Is Congress any more productive than it used to be?
After previous sessions characterized by government shutdowns and legislative gridlock, the 114th Congress is showing strides towards effectiveness in its first 90 days, a new study by the Bipartisan Policy Center finds.
To determine the two chambers' productivity levels, the organization's new "Healthy Congress Index" considers a few key measures, including the number of Congressional calendar days actually spent on legislative business. It reports that the House and Senate had more working days -- 36 days for the House, and 43 in the Senate -- during the first three months of 2015 than they did in the previous two sessions. This is hardly a record: both the 110th Congress and 111th exceeded that amount.
But the Bipartisan Center was glad to see any signs of improvement for the legislative branch, which has suffered from approval ratings that have consistently been below 25 percent in the last few years.
"I'm pleased to see early signs of progress toward a better-functioning Congress, but there's still a long way to go," former Senate Majority Leader Tom Daschle, a co-chair of BPC's Commission on Political Reform, said in a release of the report.

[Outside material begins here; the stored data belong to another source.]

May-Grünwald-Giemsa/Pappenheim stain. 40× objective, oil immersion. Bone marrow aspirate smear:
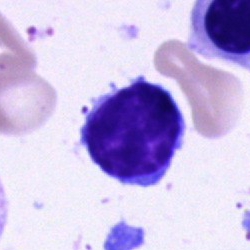Q: What is shown here?
A: A lymphocyte.
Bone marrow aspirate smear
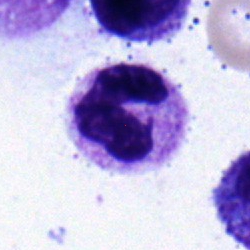
{"cell_type": "stab cell"}
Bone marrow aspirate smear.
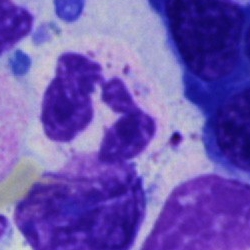Morphology — polymorphonuclear neutrophil.
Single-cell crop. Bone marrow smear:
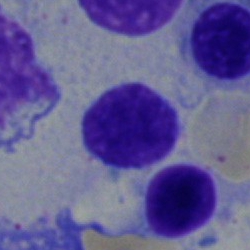Morphological class = lymphocyte.
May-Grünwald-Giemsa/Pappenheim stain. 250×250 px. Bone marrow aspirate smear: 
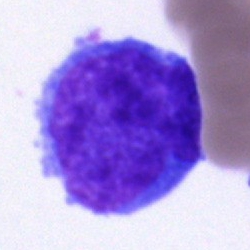 Cell — blast.
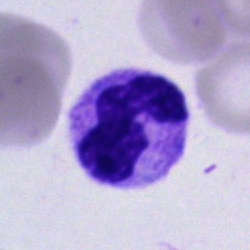

Morphology → segmented neutrophil.
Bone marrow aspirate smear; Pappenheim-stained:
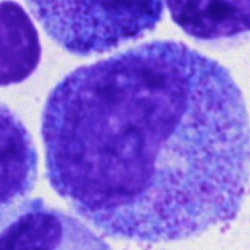 A progranulocyte.
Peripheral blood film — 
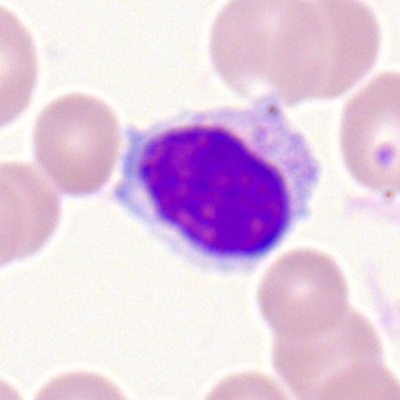 Cell type — lymphocyte.
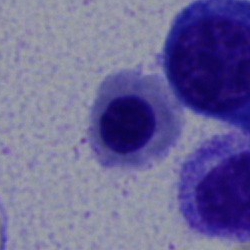

{"cell_type": "erythroblast", "lineage": "erythroid"}
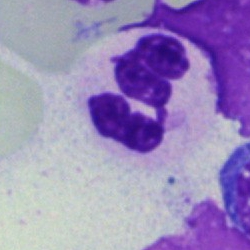 Q: Identify the cell.
A: Neutrophil (segmented).
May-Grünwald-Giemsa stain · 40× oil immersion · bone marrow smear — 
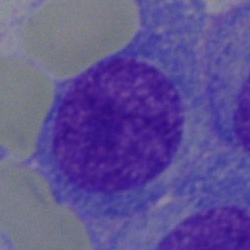
{"cell_type": "plasma cell"}
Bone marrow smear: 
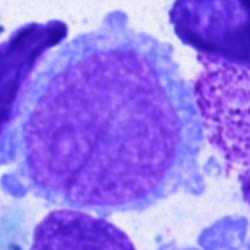
Morphology consistent with a blast cell.
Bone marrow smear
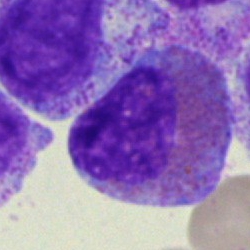

Morphological class: eosinophilic granulocyte.
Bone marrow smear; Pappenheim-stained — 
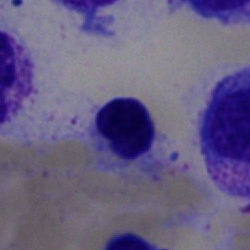

Normoblast.
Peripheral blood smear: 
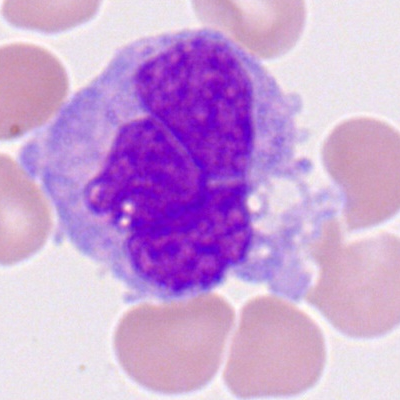

Specimen: peripheral blood film.
Classification: monocyte.
Lineage: myeloid.
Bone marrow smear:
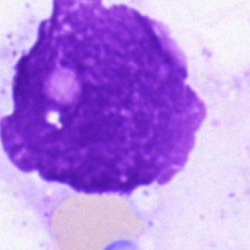 Q: What is shown here?
A: It is an artefact.
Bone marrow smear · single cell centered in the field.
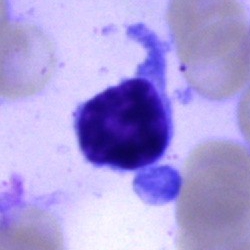

A typical lymphocyte.
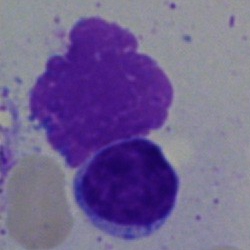
The classification is artefact.
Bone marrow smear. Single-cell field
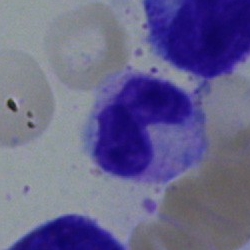

Single cell identified as a band neutrophil.
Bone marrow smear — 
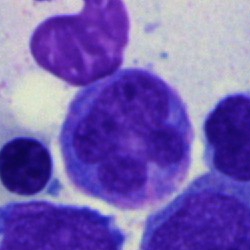 Specimen: bone marrow smear.
Cell: monocyte.
Lineage: myeloid.
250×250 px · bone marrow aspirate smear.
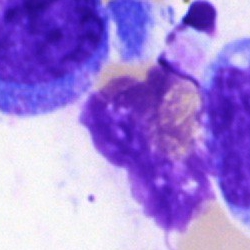
Showing an artefact.
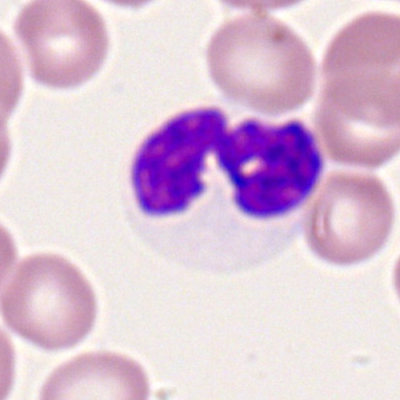Specimen: peripheral blood smear.
Classification: segmented neutrophil.

Another key measure of the index, congressional committees' reported number of bills, showed higher amounts than during recent Congresses. The Senate also considered just over 200 amendments in the first quarter of the year, the second-highest number on record for those sessions assessed in the index.

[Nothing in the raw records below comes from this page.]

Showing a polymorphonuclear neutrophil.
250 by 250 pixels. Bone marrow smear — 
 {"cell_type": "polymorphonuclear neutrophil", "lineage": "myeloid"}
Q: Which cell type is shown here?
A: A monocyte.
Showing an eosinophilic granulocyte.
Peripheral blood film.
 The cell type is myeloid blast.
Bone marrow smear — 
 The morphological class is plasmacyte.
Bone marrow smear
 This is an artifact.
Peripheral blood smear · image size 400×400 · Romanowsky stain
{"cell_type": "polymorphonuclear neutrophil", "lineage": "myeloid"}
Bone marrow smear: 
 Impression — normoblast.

Leaders in the two chambers have promised less instances of partisan gridlock after the 2014 elections. The 2010 election brought the rise of tea party members, who slowed congressional action down. There were fewer tea party members elected in 2014, and tea party senate candidates failed to defeat incumbents in the primaries. Now BPC says the new Congress is finally "showing signs of life".
The policy center admits that "it is not enough to judge the performance of a Congress after the three months in session," but it states that Congress may "slowly beginning to move in the right direction."